___ Given records ___

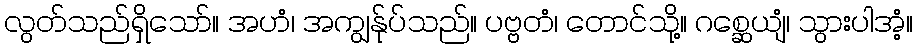
လွတ်သည်ရှိသော်။ အဟံ၊ အကျွန်ုပ်သည်။ ပဗ္ဗတံ၊ တောင်သို့။ ဂစ္ဆေယျံ၊ သွားပါအံ့။
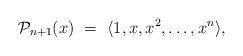
LaTeX: \begin{align*}{\cal P}_{n+1}(x) \ = \ \langle 1, x, x^2, \dots , x^n \rangle ,\end{align*}
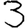
Digit: 3
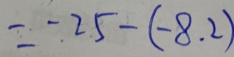
= - 2 5 - ( - 8 . 2 )
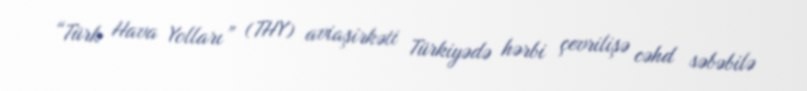
“Türk Hava Yolları” (THY) aviaşirkəti Türkiyədə hərbi çevrilişə cəhd səbəbilə
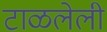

___

▶ [Required action]:
Repeat every entry exactly. Do not include the pictures.

▶ [Reply to the exercise]:
လွတ်သည်ရှိသော်။ အဟံ၊ အကျွန်ုပ်သည်။ ပဗ္ဗတံ၊ တောင်သို့။ ဂစ္ဆေယျံ၊ သွားပါအံ့။
LaTeX: \begin{align*}{\cal P}_{n+1}(x) \ = \ \langle 1, x, x^2, \dots , x^n \rangle ,\end{align*}
Digit: 3
= - 2 5 - ( - 8 . 2 )
“Türk Hava Yolları” (THY) aviaşirkəti Türkiyədə hərbi çevrilişə cəhd səbəbilə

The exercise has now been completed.